Sytuacja klaruje się tak: jestem sobie prawie od dwóch lat z różowym, od ośmiu miesięcy mieszkamy razem. Trochę o mnie: jestem starszy od różowej o trzy lata, pracuję w it na stanowisku seniora, w zależności od miesiąca, wyciągam około 12-14k netto (chyba to istotne w tej historii). Różowa nie wie, ile zarabiam. Nigdy jej nie powiezialem, a sama nie ma odwagi zapytać. Przyznaję: to przeze mnie, bo zrobiłem chyba temat tabu z pieniędzy. Różowa zarabia - w zależności od miesiąca - około 2500-2900 na czysto (pierwsza poważna praca po studiach, blabla). Powiedziałem jej tylko, że w jej wieku zarabiałem 2200. O jej wynagrodzeniu wiem, bo chyba specjalnie zostawiła na kilka dni umowę w widocznym miejscu. Pewnie już ma dość tego milczenia z mojej strony. Mieszkamy w mieszkaniu kupionym przez moich rodziców, którzy przez wiele lat pokrywali wszystkie opłaty (zmieniło się to całkiem niedawno - wyprowadził się moj brat, który postanowił uniezależnić się od rodziców i zapragnęli tego samego z mojej strony). Nie chciałem, żeby różowa dokładała się do rachunkow, bo uznałem, że to mała kwota (góra 600 zł) i mieszkanie jest „moje”, i całkiem możliwe, że rodzice mi je podarują (coś tam kiedyś wspominali). Różowa oczywiście chciała płacić za mieszkanie od samego początku. Pierwsza to zaproponowała, ale ja odmówiłem.

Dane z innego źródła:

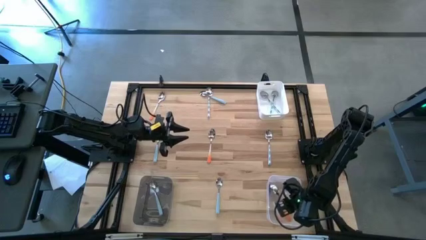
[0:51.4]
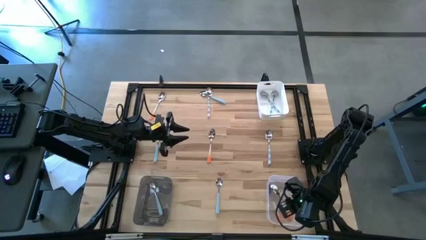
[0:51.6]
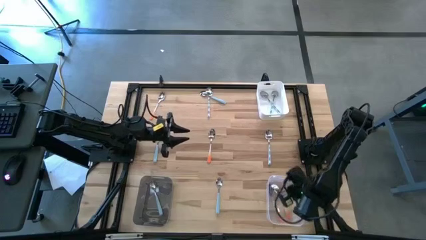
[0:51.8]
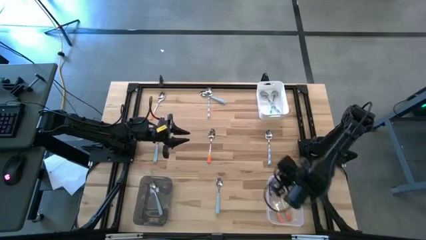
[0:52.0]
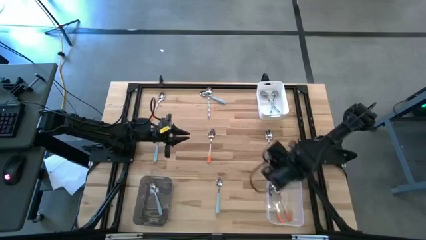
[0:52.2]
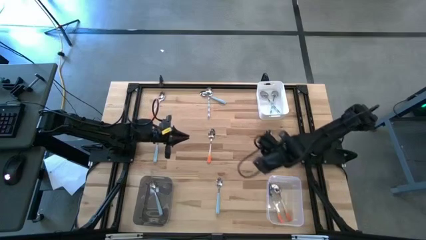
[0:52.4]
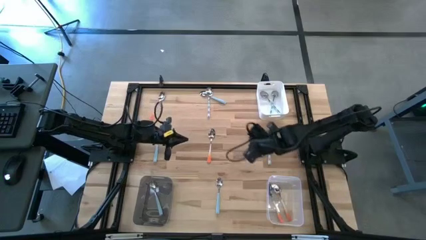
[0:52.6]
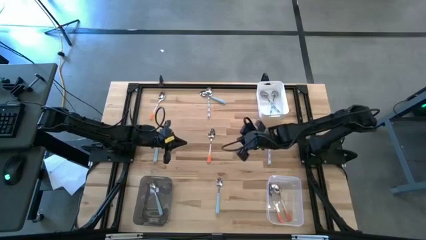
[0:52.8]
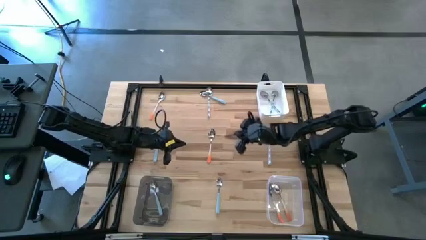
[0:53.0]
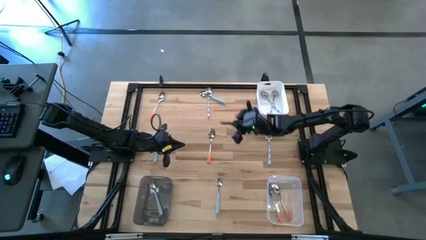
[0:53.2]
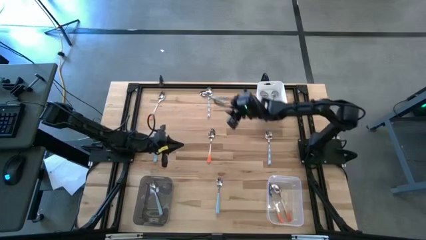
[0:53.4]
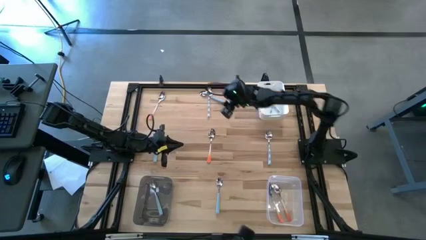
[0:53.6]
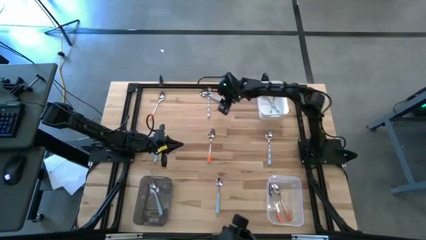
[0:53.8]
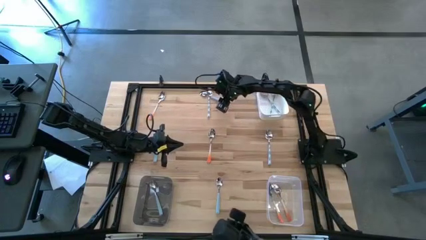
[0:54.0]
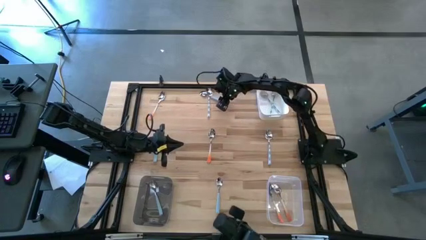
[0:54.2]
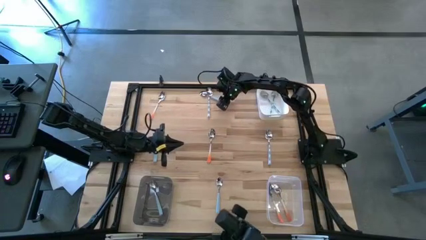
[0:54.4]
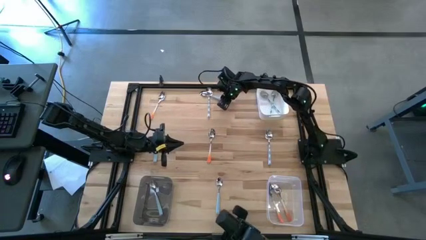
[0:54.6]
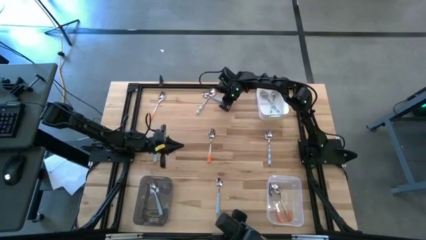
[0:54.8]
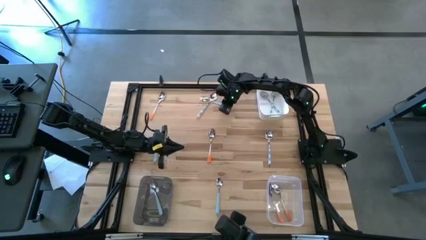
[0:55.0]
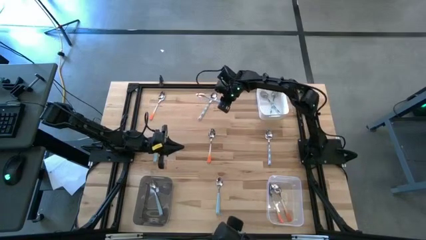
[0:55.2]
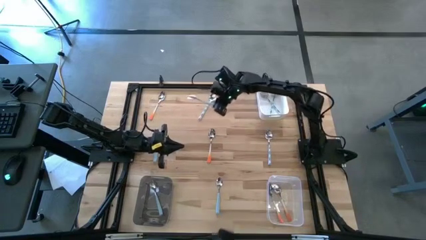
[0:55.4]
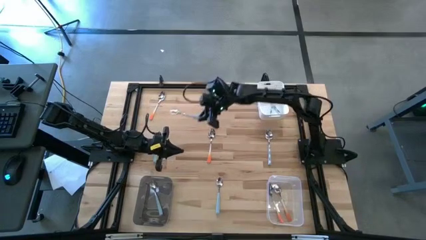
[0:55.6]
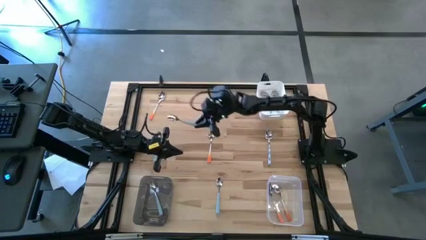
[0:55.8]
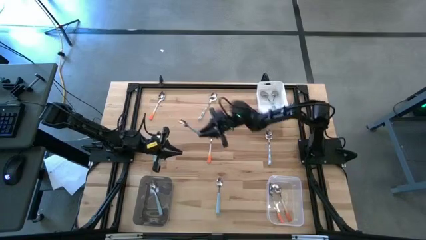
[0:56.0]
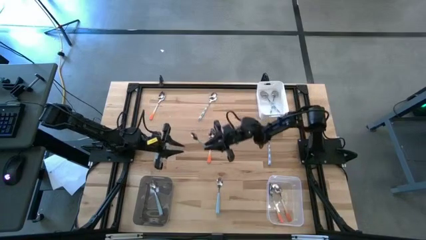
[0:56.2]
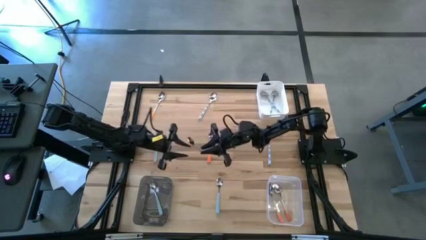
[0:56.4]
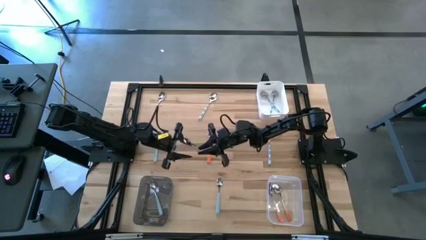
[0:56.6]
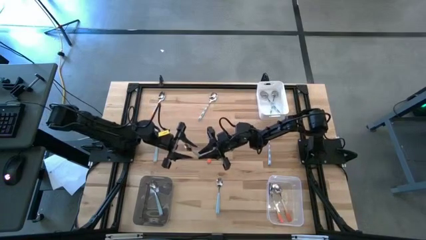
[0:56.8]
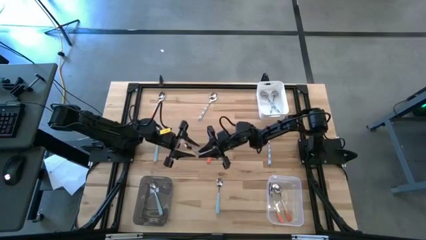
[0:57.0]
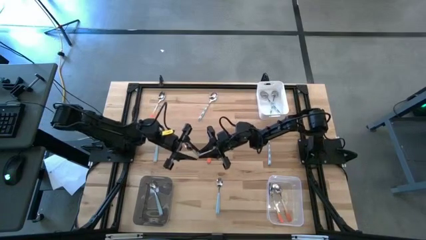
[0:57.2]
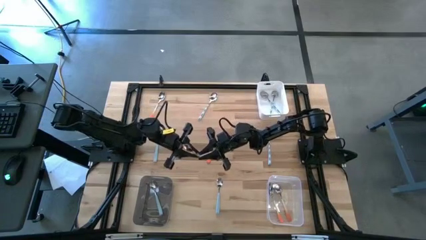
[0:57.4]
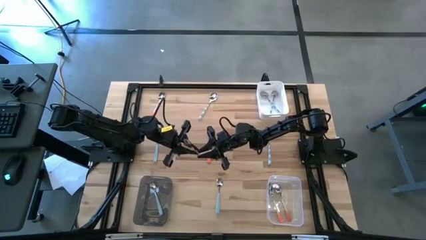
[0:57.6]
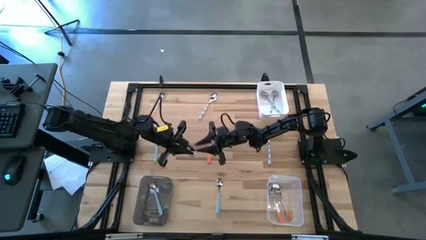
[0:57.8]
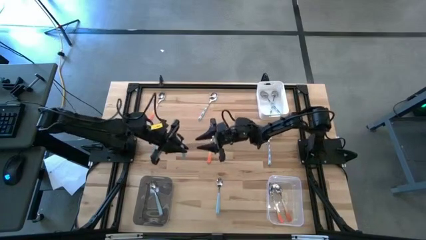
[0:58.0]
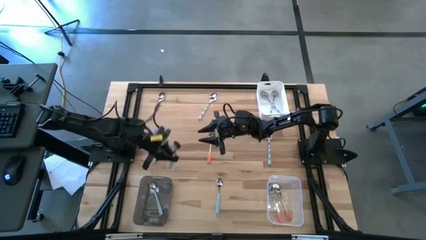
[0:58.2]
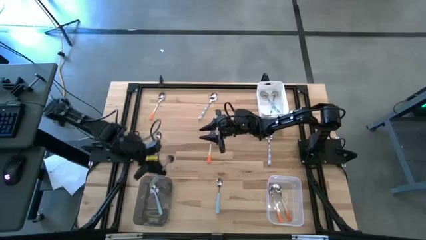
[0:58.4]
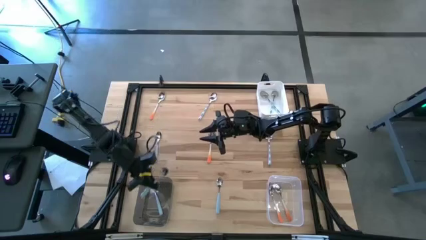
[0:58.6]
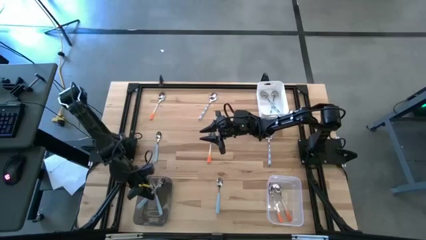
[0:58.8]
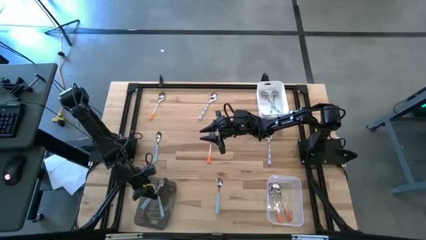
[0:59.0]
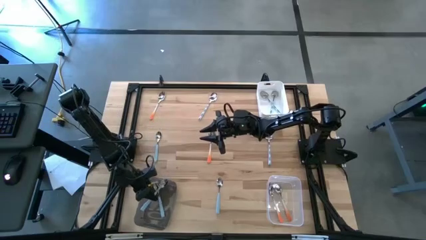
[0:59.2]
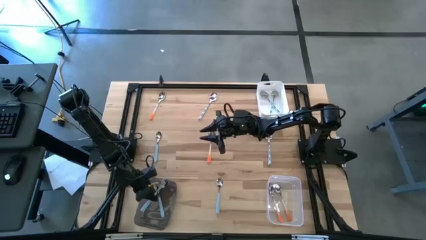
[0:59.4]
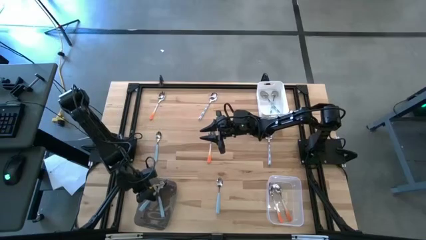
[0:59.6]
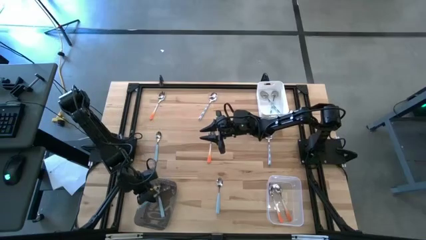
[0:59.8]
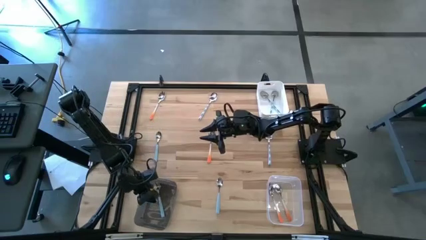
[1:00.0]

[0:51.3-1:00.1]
Put the light blue spoon into the black bin

Okej, to było jakieś tło, pozwalające Wam nakreślić moją sytuację. Teraz sedno: czuję, że jestem nie do końca dobrym facetem. Różowa naprawdę się stara: dom zawsze wysprzątany, obiad do pracy zrobiony, kolacja też często mega przygotowana. I tak dalej. Robi co może. Mimo tego, że nie zawsze ma czas. Zakupy też ogarnia (i to naprawdę często). Płaci za jakieś wyjścia też. I nawet nie ma nic przeciwko pokrywaniu rachunków typu ~120 zł w knajpie za wyżerkę. Albo zabiera na jakieś kawki i mniejsze jedzonko. Sporo też schodzi jej na dojazdy, bo pracuje poza miastem. Nigdy mnie o nic nie poprosiła. Zawsze płaci za swoje zakupy, czy nawet najmniejsze pieroly, typu drobne kosmetyki. Nigdy jej nie kupiłem nic do ubrania (tylko teraz w mikołajki bluzkę na siłownię) przez te dwa lata związku. Na jakieś okazje też się starała - zawsze wypasione prezenty, mimo, że miałem ostatnio trzy okazje w jednym miesiącu. I tak sobie ostatnio zacząłem myśleć, że te prezenty, które sobie dajemy, to w takim samym przedziale cenowym. Ona na to pracuje ze cztery dni, a ja może pół dnia góra. Sam nie wiem... Nigdy jej nie kupiłem żadnej bielizny. Nie powiem, ma dużo ładnych rzeczy. Jak tak patrzę na strony sklepów, to mnóstwo potrafią kosztować takie fatałaszki. Oglądałem ostatnio pasy do pończoch (nie ma, mówiłem jej, że chciałbym, żeby nosiła, a ona, że nie ma) i patrzę na ceny, a tu masakra. Z jedną czwartą wypłaty musiałaby wydać na coś takiego.... A to tylko jedna rzecz.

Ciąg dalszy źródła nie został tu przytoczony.